The UK is a country of innovators and inventors: the birthplace of the industrial revolution, the World Wide Web and graphene. It is also a place where, arguably more than anywhere, innovation is often regarded as a means to break down barriers, reduce inequalities and empower people from every walk of life. More recently, digital technology has been a peerless force for good in Britain, acting as a great equaliser and enabling some 300,000 entrepreneurs to launch their digital startups.
Granted, challenges for the sector remain: people from disadvantaged backgrounds can sometimes feel alienated from technology companies; digital skills are unevenly taught and valorised across the country; and Britain’s infrastructure is not always up to the task of providing everyone with the tools of connectivity. Still, innovators, businesses and institutions alike are rising to the task of bridging those gaps.
How that is happening was one of the key themes touched upon during a roundtable discussion at Vogue House, Mayfair, on July 3. Sponsored by Cisco and hosted by WIRED editor Greg Williams, the event brought together several leaders from across the country to map out what genuine digital inclusion should look like.
One attendee defined digital inclusion as giving everyone an equal and fair opportunity to access the country’s digital tools and infrastructure in a meaningful and useful way. But how does that principle translate in different contexts?
A glance at the UK’s productivity map reveals that economic productivity goes hand in hand with the embrace of digital technology. Analysis carried out jointly by Cisco and economists from Oxford Economics found a direct link between technology investment and productivity.
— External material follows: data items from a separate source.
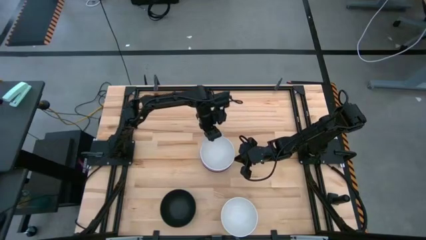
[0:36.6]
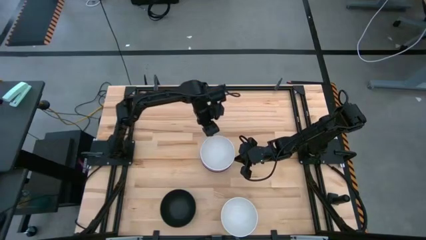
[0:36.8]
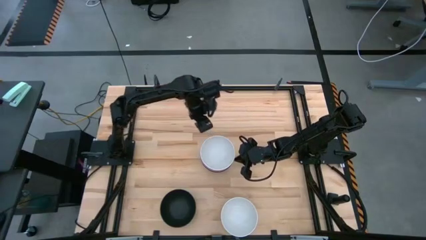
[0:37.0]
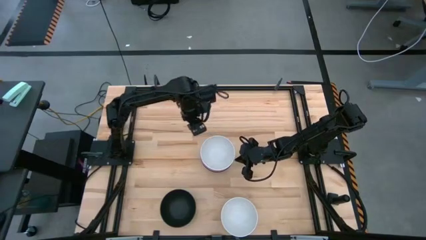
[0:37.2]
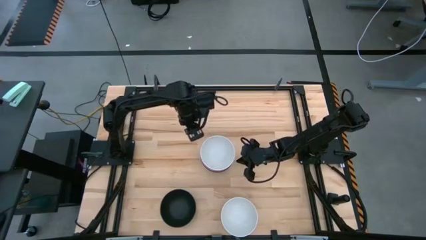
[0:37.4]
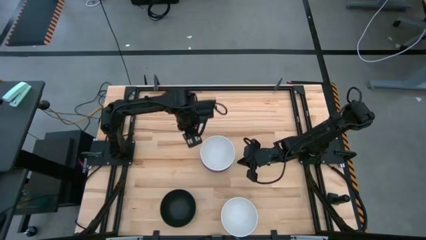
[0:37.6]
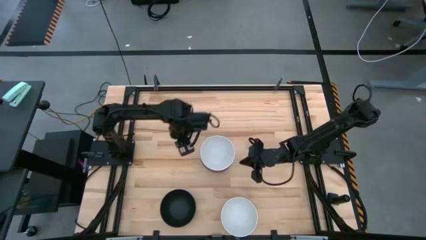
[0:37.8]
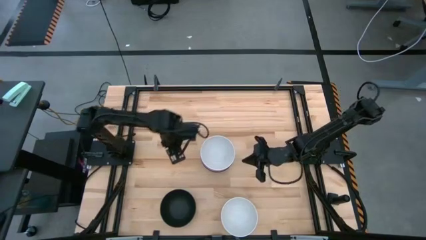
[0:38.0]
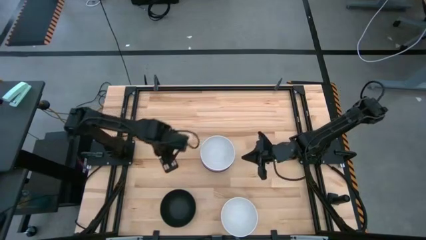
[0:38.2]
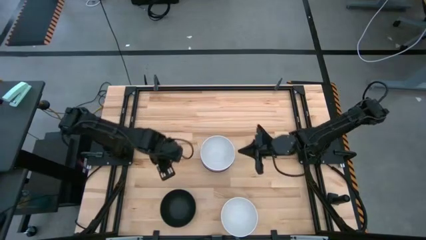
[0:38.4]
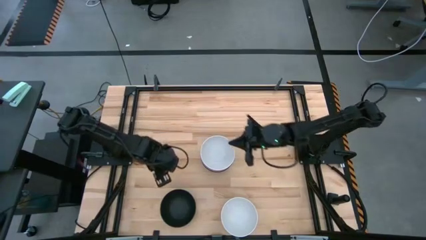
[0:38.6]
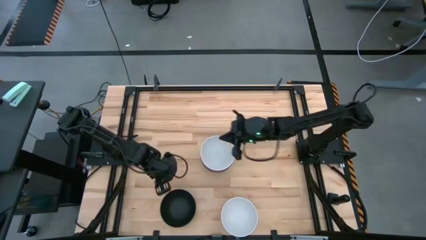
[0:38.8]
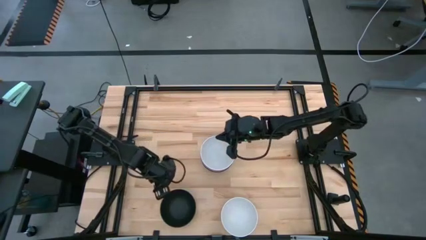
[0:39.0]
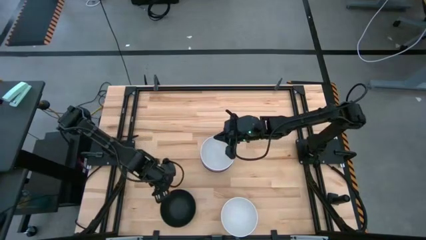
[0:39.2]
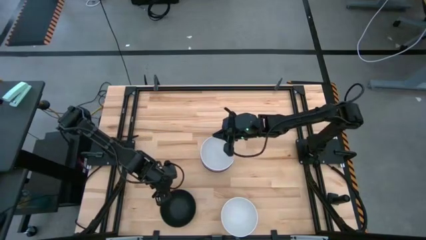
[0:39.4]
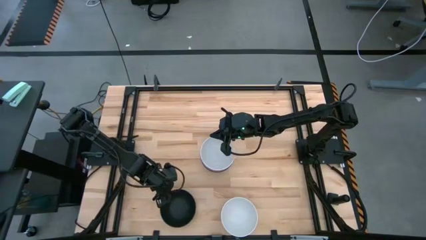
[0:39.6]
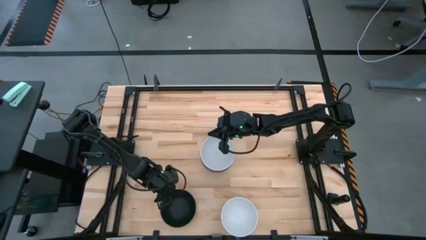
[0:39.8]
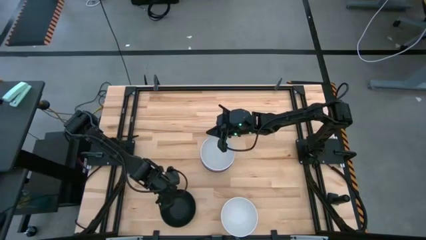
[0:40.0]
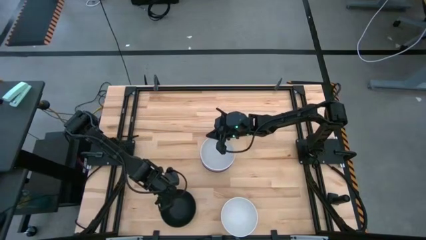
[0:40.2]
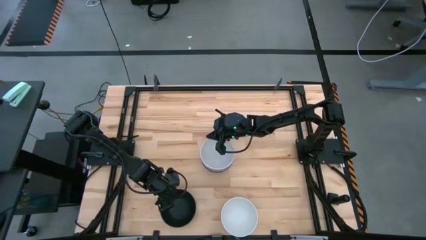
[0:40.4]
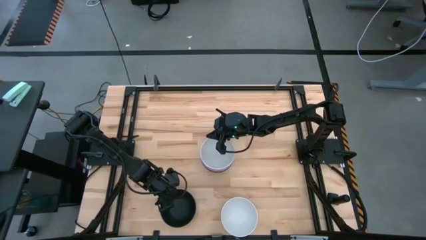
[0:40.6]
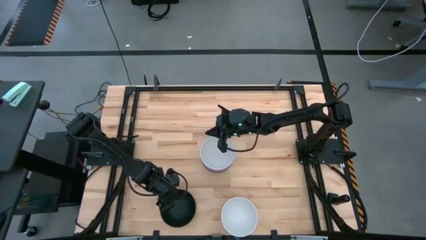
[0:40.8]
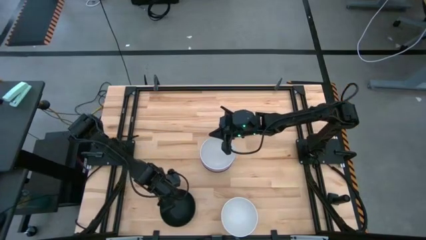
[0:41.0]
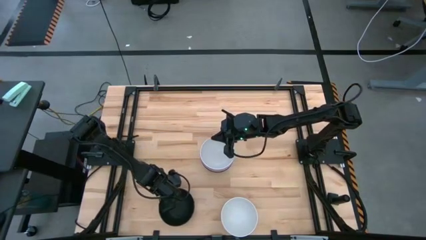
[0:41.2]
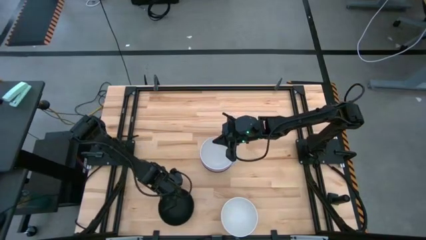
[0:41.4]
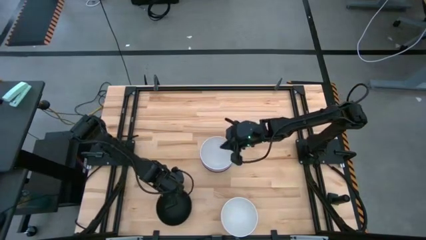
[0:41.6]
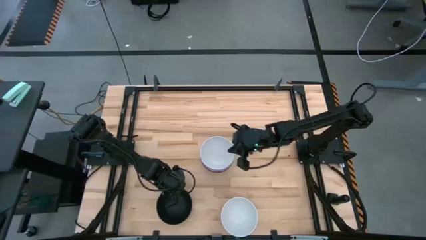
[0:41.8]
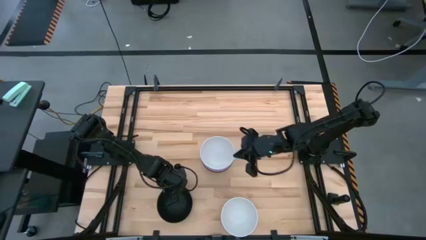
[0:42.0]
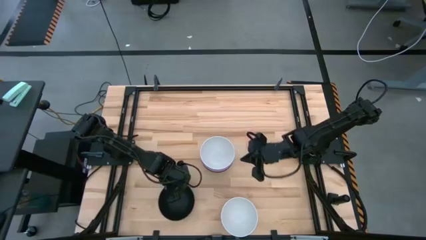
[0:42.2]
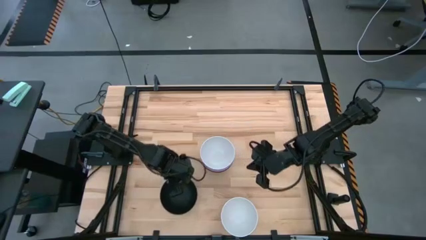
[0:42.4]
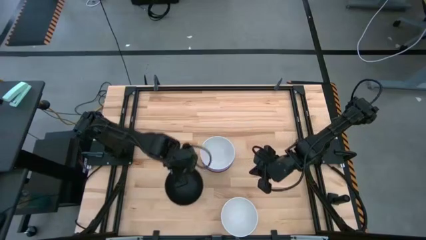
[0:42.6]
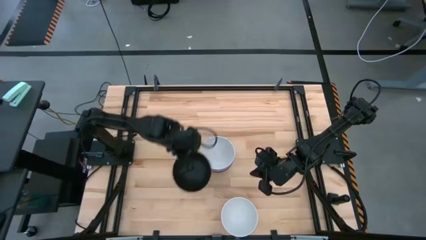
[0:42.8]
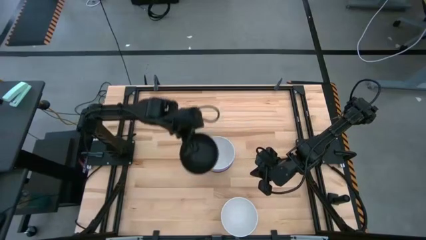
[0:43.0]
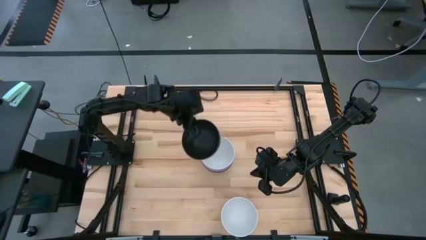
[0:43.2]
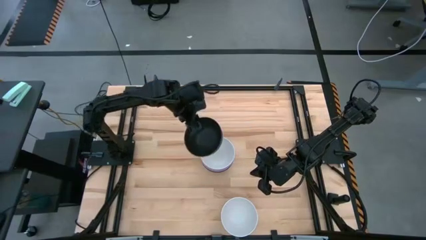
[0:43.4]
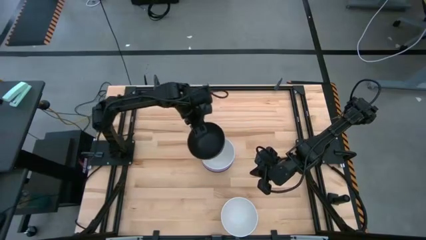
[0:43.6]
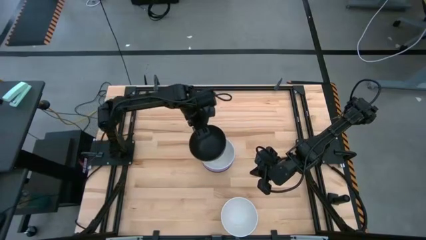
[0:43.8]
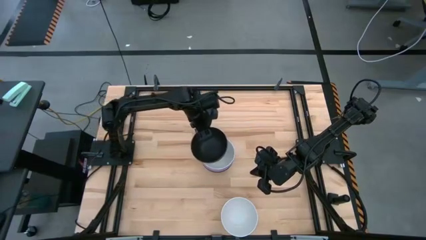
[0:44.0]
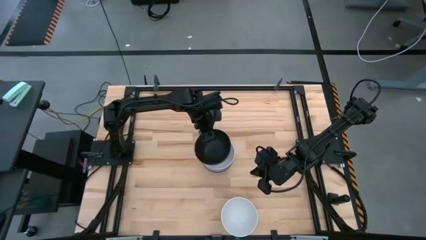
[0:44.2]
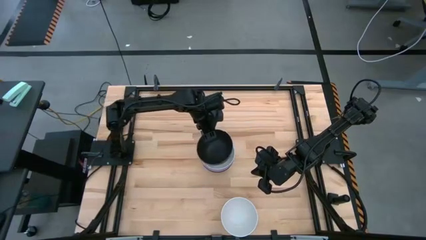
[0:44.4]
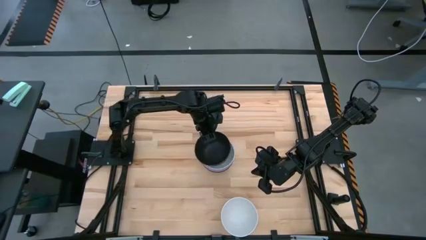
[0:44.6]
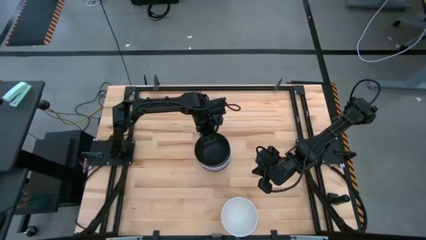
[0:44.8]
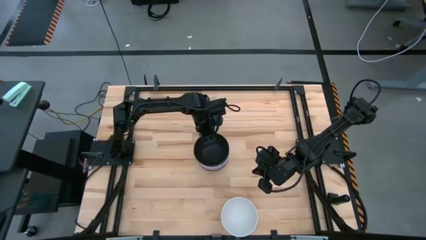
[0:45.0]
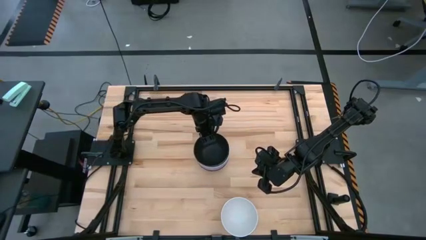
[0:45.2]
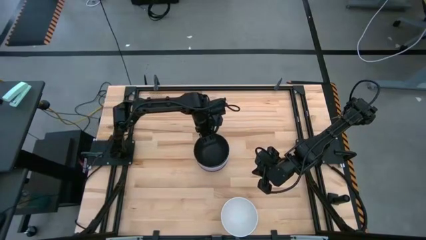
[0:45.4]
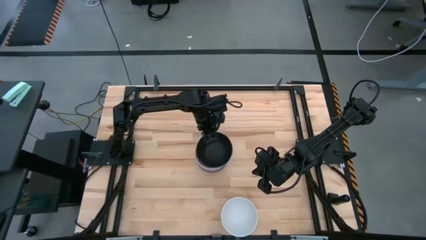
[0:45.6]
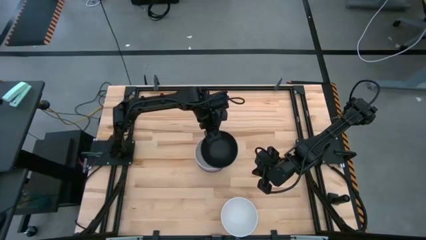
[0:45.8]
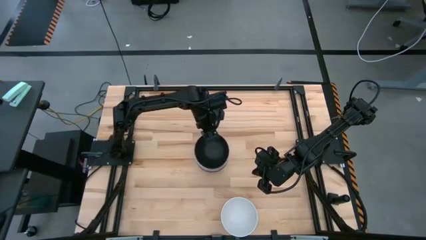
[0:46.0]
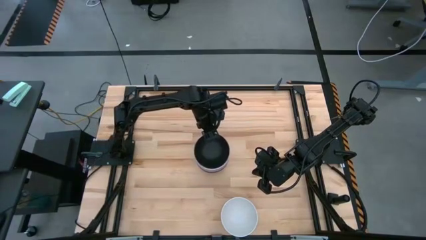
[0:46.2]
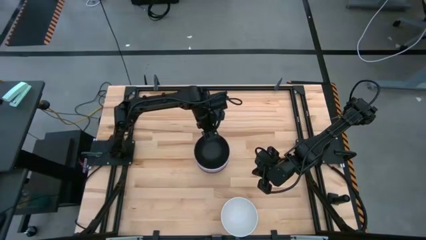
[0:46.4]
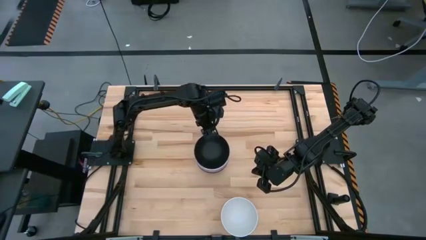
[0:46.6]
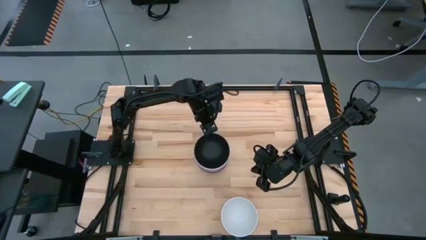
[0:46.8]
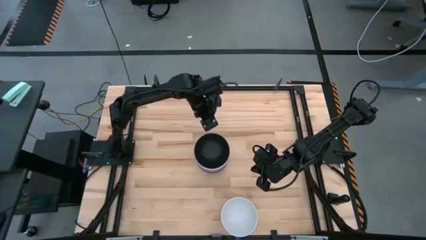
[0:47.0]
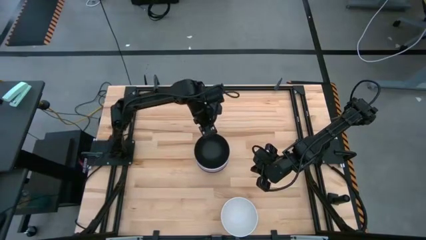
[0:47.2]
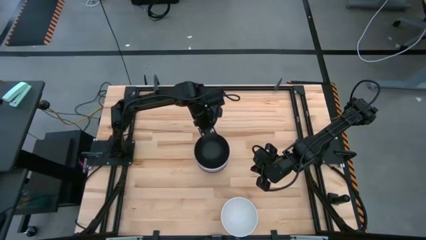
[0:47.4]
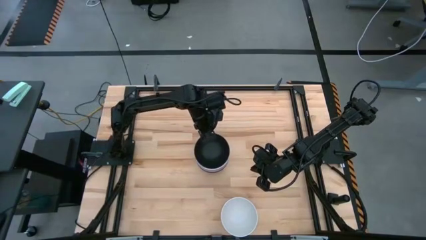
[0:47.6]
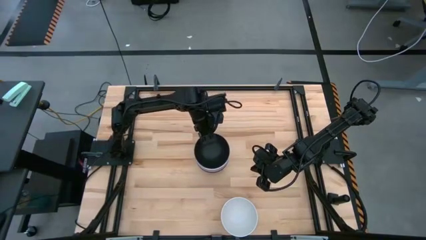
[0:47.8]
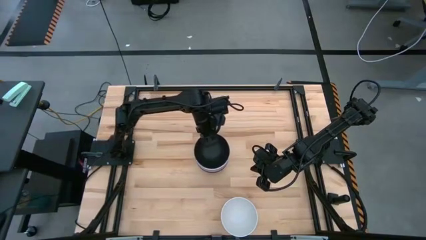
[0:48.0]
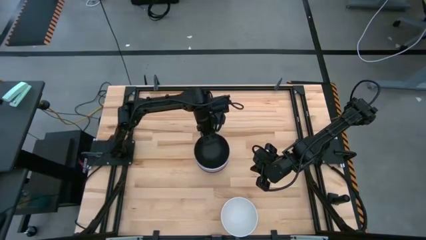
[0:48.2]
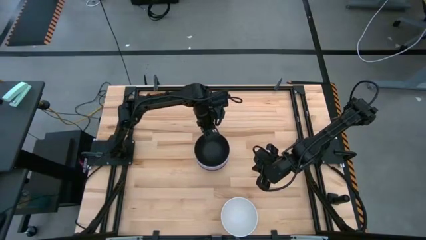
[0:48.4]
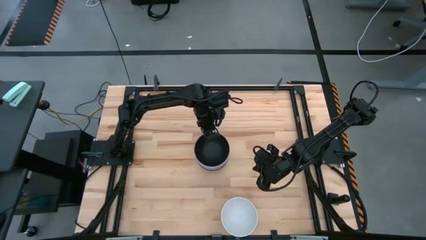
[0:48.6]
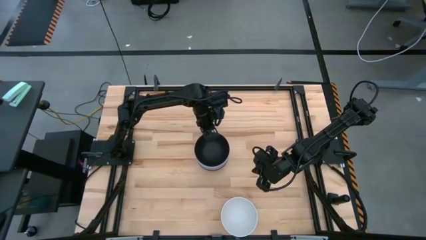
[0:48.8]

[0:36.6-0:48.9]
Task: Nest bowls inside each other
Stack the black bowl on top of the white bowl

Over the next few months, the impending launch of superfast 5G internet in the UK will present an opportunity to further tear down regional divides. While some of the attendees expressed concern that an uneven roll-out of the technology across the country might have the unintended consequence of entrenching existing disparities, most agreed that 5G has the opportunity to be a game-changer. The new technology could fast-track connectivity in less well-served regions and rural locations, make cities and towns smarter and more productive thanks to IoT applications, and power a connected vehicle revolution.
Still, some of the speakers attending the roundtable discussion pointed out that connectivity by itself is only part of the story. As the Cisco-Oxford study shows, digital tech jobs make up 6.2 per cent of the 50 best performing regions’ workforce, whereas worst-performing areas account for around half of that. While better infrastructure is imperative to change this situation, the question of unequal access to digital skills across various regions also needs addressing.
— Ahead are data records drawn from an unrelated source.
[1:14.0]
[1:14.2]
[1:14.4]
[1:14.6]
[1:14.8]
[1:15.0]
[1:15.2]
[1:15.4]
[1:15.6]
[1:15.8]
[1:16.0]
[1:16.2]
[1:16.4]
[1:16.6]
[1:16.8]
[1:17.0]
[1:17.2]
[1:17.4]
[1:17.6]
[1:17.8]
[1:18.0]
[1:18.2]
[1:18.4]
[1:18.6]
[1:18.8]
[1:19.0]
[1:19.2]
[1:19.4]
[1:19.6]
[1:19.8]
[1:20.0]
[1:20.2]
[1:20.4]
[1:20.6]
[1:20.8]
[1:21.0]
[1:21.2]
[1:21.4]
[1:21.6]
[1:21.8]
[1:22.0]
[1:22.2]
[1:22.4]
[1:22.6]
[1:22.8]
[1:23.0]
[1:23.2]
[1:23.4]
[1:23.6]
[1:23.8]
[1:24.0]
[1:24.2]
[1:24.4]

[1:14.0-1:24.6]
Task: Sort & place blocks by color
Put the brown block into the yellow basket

Some attendees underlined that this is a multifaceted challenge. Barriers to access can be eminently material: young people from less affluent backgrounds, for instance, often cannot afford cutting-edge digital devices, which are of the utmost importance to hone their skills. That has been changing thanks to initiatives backed by organisations that are donating computers to schools across the country, and by a series of government initiatives aiming at bringing digitalisation among pupils (already in 2014, 70 per cent of British schools boasted the presence of tablets in the classroom.) Cisco itself has been spearheading change with the NetAcademy programme, whose aim is improving the digital skills of a quarter of a million UK residents by the end of 2020. But there is still a lot to do to bring more people into the fold: one attendee noticed that up to 700,000 British young people still don’t have access to the internet in their homes.
More fundamentally, it is the very language around technology that ought to evolve. Luckily, that evolution is already underway. Until recently, one attendee said, the British government framed the question in forbidding terms: it would recommend people – young or otherwise – that they needed to simply “acquire digital skills”, a suggestion likely to fall on deaf ears when it came to groups that feel excluded from the technology industry. The framing is now shifting from touting “skills” to explain what sort of benefits and concrete outcomes those skills could lead to. That, one attendee said, is finally widening the digital sector’s appeal. Encouraging evidence of this new mindset’s approach is coming not only from some pioneering schools, but also from courses in digital skills held in prisons, where inmates have displayed a more goal-oriented – rather than tool-oriented – approach to their training as a path to reintegration.
The advent of 5G might thus be an opportunity to embrace that framing at a more general scale. During this paradigm shift institutions such as libraries, schools, universities, and educational organisations will all have the pivotal role of promoting a more comprehensive digital inclusion. As one attendee remarked, the UK’s digital revolution is inevitable – now let’s make sure that its opportunities are accessible for everyone.